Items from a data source
......

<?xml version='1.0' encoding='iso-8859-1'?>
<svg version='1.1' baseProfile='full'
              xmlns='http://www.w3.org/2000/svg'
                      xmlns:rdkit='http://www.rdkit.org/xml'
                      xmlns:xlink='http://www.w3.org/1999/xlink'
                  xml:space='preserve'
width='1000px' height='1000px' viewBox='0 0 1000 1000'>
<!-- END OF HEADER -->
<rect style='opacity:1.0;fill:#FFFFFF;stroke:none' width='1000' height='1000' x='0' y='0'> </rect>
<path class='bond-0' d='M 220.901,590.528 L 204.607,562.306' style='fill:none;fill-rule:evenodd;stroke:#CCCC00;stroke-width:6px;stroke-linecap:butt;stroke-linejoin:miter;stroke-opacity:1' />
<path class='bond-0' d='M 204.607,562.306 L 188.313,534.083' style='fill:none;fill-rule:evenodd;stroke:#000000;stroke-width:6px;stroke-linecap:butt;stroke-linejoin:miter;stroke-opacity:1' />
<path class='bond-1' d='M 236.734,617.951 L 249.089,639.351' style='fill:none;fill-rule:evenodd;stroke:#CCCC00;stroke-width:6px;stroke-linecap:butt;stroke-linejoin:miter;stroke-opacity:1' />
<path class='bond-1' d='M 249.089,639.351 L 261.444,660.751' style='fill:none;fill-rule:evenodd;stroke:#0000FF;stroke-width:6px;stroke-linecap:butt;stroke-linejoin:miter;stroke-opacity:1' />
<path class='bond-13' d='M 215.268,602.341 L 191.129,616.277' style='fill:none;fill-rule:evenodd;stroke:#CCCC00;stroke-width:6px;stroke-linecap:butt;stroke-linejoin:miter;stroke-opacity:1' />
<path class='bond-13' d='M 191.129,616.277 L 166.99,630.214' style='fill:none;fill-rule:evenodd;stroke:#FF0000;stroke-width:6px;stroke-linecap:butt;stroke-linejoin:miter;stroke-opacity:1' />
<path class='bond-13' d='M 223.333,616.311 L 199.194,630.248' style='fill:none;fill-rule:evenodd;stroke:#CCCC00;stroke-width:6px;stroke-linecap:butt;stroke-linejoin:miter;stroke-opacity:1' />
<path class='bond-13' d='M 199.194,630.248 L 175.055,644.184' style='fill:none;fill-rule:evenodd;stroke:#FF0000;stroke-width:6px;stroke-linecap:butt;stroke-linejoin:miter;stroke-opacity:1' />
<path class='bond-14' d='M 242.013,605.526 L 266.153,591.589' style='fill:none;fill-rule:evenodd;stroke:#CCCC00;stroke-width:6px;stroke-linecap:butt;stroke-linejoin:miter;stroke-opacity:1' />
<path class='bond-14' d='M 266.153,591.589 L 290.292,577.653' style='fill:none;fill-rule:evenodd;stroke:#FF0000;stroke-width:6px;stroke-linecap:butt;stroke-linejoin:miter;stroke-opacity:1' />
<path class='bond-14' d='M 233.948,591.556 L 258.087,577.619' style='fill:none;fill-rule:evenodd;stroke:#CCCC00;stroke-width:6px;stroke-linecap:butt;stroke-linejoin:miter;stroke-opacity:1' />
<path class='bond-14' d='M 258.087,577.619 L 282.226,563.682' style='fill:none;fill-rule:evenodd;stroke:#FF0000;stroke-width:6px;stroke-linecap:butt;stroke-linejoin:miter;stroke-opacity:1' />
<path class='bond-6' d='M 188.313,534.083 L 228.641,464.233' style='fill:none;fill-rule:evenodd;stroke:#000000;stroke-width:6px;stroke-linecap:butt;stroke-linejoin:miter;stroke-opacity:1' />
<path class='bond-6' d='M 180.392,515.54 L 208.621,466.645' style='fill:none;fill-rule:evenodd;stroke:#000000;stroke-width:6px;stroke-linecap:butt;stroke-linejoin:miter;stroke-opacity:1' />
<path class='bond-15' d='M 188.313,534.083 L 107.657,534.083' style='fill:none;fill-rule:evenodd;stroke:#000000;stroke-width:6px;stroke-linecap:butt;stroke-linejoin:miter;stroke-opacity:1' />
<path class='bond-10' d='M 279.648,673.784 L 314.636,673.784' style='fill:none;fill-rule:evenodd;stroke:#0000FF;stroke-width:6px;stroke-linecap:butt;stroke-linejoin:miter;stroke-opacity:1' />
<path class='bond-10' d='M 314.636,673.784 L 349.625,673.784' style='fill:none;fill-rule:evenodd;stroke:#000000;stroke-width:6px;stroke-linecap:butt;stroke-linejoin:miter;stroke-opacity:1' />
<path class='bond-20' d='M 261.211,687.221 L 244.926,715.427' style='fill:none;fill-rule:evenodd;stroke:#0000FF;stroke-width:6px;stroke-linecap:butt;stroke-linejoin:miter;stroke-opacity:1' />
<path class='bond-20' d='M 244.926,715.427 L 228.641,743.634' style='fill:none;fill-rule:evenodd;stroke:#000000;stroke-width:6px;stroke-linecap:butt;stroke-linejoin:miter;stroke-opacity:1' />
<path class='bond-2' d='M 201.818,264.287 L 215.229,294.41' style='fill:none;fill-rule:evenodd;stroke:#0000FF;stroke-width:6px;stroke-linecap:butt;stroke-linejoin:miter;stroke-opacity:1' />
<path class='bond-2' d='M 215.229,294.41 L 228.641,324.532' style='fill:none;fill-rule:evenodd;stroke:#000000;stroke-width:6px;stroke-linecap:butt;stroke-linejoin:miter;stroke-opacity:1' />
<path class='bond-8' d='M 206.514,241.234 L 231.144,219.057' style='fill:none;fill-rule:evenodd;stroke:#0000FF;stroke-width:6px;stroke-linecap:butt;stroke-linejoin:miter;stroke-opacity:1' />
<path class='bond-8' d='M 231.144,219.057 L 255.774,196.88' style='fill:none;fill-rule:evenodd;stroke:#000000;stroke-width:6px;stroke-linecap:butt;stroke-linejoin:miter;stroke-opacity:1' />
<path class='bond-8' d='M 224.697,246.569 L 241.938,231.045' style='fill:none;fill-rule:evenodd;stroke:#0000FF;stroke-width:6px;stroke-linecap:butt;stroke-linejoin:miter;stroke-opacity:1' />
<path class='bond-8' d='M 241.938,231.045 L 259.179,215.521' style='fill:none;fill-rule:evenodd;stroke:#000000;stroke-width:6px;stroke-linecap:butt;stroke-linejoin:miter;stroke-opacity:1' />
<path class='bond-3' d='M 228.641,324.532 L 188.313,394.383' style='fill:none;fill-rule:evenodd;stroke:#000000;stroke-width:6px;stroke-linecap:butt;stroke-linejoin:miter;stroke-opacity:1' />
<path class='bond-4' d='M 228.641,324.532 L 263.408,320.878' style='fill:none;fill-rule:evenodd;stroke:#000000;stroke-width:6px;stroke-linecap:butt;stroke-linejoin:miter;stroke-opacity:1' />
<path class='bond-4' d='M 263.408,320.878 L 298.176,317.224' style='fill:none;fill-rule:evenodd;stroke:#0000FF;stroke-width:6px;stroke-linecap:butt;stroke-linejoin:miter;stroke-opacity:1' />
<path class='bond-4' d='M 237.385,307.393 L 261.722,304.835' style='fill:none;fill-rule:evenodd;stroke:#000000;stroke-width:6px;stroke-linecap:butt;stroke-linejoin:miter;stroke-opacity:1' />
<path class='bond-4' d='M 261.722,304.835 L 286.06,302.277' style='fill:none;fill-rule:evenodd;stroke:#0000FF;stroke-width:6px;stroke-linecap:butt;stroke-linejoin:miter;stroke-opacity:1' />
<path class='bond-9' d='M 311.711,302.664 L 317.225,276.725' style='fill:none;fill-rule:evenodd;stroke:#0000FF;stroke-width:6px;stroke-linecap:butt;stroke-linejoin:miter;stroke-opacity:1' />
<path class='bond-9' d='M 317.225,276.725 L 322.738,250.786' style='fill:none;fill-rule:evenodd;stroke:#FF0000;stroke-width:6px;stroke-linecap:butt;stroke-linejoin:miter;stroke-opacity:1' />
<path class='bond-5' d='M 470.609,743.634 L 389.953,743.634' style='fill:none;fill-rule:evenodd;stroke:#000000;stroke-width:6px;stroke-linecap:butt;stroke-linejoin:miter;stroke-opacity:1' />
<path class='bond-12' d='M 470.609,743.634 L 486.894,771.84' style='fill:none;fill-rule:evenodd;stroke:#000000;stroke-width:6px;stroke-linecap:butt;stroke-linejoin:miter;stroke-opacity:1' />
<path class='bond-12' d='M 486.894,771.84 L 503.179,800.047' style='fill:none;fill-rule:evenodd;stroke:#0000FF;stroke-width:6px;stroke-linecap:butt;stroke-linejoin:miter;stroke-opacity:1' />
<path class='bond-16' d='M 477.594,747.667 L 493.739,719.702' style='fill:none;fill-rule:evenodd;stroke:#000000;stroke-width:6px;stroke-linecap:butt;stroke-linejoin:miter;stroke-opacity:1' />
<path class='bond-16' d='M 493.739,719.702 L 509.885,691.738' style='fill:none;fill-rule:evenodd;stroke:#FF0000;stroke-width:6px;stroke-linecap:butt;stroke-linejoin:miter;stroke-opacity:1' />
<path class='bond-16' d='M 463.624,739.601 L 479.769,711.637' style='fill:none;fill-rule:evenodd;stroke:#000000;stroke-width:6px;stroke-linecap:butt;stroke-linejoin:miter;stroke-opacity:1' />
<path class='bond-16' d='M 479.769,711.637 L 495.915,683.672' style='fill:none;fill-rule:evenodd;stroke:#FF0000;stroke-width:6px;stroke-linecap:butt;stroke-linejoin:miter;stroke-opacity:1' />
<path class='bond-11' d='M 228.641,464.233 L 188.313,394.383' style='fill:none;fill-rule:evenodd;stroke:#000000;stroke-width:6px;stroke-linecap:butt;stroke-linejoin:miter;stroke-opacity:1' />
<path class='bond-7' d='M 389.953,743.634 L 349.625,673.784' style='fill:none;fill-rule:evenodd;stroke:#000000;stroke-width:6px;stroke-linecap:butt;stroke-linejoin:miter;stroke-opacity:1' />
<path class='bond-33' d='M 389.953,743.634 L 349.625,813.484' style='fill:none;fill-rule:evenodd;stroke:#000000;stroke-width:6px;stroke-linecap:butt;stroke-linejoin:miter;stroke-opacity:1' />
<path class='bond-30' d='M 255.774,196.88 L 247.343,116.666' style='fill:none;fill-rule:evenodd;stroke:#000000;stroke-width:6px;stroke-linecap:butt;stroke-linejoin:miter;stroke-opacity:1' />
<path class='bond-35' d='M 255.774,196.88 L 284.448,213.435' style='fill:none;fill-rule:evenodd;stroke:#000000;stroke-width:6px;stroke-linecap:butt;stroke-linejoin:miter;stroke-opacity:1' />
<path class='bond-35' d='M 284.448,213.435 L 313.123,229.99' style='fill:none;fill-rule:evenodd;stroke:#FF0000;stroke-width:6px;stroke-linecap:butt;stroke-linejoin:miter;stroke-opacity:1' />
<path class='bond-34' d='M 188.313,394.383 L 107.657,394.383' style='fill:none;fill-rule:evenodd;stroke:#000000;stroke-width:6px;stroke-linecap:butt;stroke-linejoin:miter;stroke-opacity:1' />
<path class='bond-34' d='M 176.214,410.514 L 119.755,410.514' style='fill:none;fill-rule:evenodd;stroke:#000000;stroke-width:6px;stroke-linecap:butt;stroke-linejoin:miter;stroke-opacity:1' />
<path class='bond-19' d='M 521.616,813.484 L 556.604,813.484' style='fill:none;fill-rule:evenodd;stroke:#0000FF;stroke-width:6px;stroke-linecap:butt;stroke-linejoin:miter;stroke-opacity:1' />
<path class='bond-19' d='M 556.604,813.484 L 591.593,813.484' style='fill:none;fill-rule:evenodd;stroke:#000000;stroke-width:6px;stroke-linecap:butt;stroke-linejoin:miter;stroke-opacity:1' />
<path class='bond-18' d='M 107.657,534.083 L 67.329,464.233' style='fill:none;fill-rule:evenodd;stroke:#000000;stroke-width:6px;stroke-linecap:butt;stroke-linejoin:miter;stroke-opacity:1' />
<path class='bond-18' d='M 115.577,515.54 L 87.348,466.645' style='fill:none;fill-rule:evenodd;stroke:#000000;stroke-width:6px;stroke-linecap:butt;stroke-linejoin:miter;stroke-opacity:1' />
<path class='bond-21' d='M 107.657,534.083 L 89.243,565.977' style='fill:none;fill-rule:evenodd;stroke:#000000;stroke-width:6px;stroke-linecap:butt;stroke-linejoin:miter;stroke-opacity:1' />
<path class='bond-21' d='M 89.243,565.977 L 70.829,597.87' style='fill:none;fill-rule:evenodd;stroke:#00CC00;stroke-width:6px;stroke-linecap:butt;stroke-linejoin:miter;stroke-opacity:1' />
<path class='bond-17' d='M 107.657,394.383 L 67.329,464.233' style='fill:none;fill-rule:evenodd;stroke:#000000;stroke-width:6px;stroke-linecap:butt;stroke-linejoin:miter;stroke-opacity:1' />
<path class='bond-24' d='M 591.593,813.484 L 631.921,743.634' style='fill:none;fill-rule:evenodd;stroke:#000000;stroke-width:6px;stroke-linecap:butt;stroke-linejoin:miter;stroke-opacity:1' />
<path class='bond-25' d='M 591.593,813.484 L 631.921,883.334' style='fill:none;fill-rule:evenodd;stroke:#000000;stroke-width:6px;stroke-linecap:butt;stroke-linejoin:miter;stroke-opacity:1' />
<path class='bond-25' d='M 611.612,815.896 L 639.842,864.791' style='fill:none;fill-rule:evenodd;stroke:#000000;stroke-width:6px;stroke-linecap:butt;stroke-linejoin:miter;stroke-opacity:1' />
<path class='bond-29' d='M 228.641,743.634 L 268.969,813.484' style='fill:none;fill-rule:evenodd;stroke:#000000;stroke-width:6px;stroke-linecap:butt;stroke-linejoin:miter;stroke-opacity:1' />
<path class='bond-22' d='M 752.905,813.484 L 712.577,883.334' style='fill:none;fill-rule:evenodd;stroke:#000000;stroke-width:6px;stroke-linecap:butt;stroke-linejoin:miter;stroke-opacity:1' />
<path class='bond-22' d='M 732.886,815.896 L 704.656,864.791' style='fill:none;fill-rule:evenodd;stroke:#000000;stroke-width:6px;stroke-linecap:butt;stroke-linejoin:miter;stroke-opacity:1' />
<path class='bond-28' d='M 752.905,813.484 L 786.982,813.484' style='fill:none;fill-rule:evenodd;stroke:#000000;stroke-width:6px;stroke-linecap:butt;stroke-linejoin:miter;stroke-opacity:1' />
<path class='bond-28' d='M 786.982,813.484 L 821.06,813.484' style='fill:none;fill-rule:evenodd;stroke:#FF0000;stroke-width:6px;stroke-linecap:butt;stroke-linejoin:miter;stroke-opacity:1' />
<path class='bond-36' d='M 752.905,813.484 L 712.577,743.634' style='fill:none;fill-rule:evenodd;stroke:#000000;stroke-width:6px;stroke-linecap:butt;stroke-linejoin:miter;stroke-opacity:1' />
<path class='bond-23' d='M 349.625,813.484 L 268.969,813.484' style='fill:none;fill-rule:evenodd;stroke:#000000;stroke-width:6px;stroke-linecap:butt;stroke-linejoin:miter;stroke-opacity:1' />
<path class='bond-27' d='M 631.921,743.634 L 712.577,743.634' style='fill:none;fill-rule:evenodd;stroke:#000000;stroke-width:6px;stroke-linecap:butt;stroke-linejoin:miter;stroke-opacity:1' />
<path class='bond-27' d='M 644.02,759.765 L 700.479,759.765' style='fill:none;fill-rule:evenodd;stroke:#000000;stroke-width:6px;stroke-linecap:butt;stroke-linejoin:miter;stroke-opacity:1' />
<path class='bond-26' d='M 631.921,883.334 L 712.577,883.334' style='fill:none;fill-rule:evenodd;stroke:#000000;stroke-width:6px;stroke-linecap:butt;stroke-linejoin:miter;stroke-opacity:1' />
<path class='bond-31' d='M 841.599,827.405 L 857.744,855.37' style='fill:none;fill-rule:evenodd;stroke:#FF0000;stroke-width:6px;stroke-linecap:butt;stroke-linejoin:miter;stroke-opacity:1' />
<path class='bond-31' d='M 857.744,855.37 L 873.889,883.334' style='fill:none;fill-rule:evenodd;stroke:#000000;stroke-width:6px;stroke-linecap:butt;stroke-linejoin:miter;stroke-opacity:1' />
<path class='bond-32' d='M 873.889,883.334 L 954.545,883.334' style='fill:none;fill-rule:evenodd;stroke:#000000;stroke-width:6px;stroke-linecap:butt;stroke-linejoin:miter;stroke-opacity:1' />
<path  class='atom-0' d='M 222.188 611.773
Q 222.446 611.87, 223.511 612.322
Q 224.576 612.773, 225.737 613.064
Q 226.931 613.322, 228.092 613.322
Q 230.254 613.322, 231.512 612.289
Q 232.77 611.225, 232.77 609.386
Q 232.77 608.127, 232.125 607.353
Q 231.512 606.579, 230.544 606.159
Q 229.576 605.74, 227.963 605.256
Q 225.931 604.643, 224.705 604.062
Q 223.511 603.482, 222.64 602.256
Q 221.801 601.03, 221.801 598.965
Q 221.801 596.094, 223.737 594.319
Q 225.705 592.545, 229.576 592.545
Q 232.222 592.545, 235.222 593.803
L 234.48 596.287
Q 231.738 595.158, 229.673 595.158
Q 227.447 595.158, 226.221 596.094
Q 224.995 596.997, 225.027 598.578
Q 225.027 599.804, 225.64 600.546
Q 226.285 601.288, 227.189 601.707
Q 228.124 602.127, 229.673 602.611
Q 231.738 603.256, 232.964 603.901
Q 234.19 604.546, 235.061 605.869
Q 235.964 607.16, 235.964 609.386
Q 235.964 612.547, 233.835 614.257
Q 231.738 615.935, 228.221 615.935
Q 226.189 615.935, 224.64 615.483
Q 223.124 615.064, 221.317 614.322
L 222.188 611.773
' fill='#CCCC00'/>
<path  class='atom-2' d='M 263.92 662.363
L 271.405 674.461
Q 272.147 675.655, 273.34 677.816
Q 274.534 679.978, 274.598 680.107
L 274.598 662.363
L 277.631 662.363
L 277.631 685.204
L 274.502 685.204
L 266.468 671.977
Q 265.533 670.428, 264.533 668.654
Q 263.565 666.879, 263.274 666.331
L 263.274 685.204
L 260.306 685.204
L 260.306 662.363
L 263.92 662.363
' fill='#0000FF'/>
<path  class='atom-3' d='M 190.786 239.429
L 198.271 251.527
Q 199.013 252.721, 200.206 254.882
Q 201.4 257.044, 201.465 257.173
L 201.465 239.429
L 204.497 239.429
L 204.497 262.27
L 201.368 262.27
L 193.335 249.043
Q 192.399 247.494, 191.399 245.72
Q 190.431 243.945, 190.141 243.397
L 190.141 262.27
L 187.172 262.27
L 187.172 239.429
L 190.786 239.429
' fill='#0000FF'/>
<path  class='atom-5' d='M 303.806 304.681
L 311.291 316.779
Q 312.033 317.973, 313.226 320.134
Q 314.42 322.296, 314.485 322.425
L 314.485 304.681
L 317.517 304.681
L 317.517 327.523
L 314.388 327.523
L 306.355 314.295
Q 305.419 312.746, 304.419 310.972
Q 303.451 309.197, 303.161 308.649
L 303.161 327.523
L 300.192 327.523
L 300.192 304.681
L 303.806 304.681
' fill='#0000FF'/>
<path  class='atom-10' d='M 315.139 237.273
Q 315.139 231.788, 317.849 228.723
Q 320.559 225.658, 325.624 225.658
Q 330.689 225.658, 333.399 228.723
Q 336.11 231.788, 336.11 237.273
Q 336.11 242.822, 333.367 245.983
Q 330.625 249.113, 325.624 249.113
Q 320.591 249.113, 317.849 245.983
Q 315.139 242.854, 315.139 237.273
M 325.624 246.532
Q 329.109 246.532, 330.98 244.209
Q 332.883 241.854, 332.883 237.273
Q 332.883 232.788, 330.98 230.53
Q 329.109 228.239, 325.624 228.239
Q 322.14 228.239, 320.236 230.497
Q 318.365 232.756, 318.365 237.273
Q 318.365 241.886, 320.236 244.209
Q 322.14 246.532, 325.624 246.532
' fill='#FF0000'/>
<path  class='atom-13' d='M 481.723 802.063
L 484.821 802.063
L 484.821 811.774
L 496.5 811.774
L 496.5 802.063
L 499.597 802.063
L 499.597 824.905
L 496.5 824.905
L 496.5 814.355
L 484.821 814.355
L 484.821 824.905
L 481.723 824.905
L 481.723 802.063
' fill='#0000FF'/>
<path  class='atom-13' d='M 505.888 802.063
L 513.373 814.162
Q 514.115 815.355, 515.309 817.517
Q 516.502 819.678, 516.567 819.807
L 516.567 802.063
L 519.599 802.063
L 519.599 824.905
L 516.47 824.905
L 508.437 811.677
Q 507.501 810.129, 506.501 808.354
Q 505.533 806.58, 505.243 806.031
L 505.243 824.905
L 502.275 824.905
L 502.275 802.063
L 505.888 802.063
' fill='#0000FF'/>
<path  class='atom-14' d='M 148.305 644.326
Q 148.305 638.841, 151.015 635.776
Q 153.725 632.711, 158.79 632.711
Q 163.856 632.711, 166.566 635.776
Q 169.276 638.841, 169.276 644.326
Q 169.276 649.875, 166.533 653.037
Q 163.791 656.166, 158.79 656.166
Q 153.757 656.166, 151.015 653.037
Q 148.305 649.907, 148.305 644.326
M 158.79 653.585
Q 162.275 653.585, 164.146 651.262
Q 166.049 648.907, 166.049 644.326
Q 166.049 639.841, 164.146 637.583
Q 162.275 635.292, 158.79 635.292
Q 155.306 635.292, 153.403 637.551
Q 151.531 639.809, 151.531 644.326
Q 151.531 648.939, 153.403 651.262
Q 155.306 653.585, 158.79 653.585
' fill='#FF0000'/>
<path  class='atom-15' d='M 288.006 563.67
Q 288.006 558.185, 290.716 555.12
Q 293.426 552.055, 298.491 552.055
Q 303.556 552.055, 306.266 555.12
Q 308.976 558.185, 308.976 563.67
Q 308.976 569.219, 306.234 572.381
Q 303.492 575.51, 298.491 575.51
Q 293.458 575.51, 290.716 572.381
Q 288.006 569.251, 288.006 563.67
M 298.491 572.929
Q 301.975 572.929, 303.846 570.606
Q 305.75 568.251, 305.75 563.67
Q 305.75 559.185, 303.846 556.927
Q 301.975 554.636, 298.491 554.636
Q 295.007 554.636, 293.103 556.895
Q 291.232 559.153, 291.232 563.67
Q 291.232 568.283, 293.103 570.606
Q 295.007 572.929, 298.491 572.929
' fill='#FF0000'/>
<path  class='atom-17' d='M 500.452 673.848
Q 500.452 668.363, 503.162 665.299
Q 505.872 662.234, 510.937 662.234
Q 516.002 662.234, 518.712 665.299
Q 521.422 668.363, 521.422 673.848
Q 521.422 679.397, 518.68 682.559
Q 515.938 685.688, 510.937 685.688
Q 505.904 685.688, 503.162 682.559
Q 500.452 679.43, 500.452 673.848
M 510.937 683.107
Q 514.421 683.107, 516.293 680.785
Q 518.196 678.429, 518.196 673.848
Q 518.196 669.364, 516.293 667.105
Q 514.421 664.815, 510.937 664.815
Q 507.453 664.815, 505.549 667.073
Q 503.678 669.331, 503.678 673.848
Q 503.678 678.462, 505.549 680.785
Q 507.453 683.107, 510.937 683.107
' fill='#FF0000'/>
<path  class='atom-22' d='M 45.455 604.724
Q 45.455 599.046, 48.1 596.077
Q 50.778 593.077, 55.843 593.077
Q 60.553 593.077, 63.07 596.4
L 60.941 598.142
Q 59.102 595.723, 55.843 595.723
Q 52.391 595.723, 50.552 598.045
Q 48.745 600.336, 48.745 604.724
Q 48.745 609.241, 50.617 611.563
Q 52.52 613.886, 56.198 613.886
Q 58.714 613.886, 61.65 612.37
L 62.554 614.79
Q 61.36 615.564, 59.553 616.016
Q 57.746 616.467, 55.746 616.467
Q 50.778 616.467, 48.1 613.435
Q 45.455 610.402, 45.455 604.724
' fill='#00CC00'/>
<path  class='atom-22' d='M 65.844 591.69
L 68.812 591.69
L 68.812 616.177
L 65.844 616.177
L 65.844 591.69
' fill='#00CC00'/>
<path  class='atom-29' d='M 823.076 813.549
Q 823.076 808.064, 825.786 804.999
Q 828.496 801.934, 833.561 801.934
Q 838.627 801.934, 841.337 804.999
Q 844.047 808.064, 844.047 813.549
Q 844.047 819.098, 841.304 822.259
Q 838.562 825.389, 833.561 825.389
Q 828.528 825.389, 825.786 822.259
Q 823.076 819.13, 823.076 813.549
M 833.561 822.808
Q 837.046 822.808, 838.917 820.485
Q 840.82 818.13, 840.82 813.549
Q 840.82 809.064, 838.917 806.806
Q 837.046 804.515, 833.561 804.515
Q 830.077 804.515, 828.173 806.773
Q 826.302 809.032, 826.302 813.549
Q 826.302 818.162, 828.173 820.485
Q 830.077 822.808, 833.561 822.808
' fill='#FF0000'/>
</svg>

......

Could you reproduce, exactly, every line above from the line with "Q 301.975 554.636, 298.491 554.636" to the line with "Q 505.904 685.688, 503.162 682.559", and no other line? Both ends count.

Q 301.975 554.636, 298.491 554.636
Q 295.007 554.636, 293.103 556.895
Q 291.232 559.153, 291.232 563.67
Q 291.232 568.283, 293.103 570.606
Q 295.007 572.929, 298.491 572.929
' fill='#FF0000'/>
<path  class='atom-17' d='M 500.452 673.848
Q 500.452 668.363, 503.162 665.299
Q 505.872 662.234, 510.937 662.234
Q 516.002 662.234, 518.712 665.299
Q 521.422 668.363, 521.422 673.848
Q 521.422 679.397, 518.68 682.559
Q 515.938 685.688, 510.937 685.688
Q 505.904 685.688, 503.162 682.559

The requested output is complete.